Prior art devices exist which do not utilize discrete spacer technology to produce a uniformly thin flat layer of liquid crystal material. Such techniques include depositing a layer comprising a liquid crystal material on the single substrate. See for instance information contained in U.S. Pat. No. 3,409,404, Nov. 5, 1968 to Fergason and the article titled Liquid Crystal Media for Electron Beam Recording, by J. R. Hansen and R. J. Schneeberger, IEEE Transactions on Electron Devices, Vol. ED-15, No. 11, November 1968. The approaches described in the above references suffer from the fact that the thickness of the flat layer of liquid crystal material is dependent upon the properties of the liquid crystal material and/or the liquid crystal is not provided a hermetically sealed environment. Such limitations could require a sequence of operations which are incompatible with the implementation of various addressing mechanisms necessary to operate the cell.

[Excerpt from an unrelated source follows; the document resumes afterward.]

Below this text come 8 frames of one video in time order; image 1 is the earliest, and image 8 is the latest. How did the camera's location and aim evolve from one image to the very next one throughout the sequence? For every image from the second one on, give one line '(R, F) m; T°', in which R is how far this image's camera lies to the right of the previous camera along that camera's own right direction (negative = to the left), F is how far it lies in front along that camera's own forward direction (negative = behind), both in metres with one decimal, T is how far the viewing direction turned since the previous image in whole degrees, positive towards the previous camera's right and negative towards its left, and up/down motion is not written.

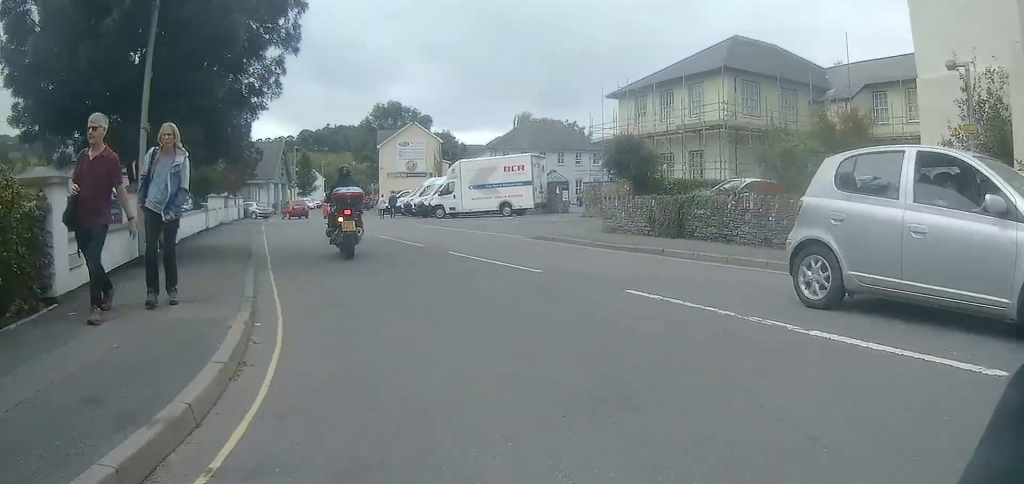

Limitations of discrete spacer technology are noted in U.S. Pat. No. 4,166,544 to Soref, Sep. 26, 1978. U.S. Pat. No. 4,116,544 identifies a spacer technique comprising a plurality of mesas formed on a substrate. Although mesas improves the control over the separation gap in liquid crystal cells as compared to the more conventional gasket, such an approach requires relatively complicated processing steps to implement.
U.S. Pat. No. 5,016,987 to Smith Jr. May 21, 1991 describes an approach which involves the use of three substrates to seal a uniformly thin flat layer of liquid crystal material. U.S. Pat. No. 5,016,987 requires a large number of complementary surfaces to be fabricated on each of the three substrates and as a consequence, is a relatively complicated device to fabricate. This is attributed to the requirement that each of the opposing pair of substrates are inserted within an deformable annulus which contains a chevron profile.
Additional applications which utilize liquid crystal cells include optical focusing systems. See for instance U.S. Pat. No. 4,037,929 to Bricot et al, Jul. 26, 1977, and U.S. Pat. No. 4,190,330 to Berreman, Feb. 26, 1980. Applications which involve a cell functioning as a lens require variations in the optical path length of a wavefront which traverses the cell to be a well behaved function of the cell's aperture. Consequently, the nature of the addressing mechanism which applies electric fields to the cell and/or the cell shape must be implemented in a manner to accommodate such a functional relationship. See for instance information in U.S. Pat. No. 4,190,330, column 4, lines 12 to lines 22.
Applications which involve cells functioning as spatial light modulators and form an image of the uniformly thin, flat layer of liquid crystal material impose no such constraints. Accordingly, a need exists for a technique which establishes a uniformly thin, flat cell gap in electro-optic cells and which eliminates the undesirable aspects associated with the use of discrete spacer technology.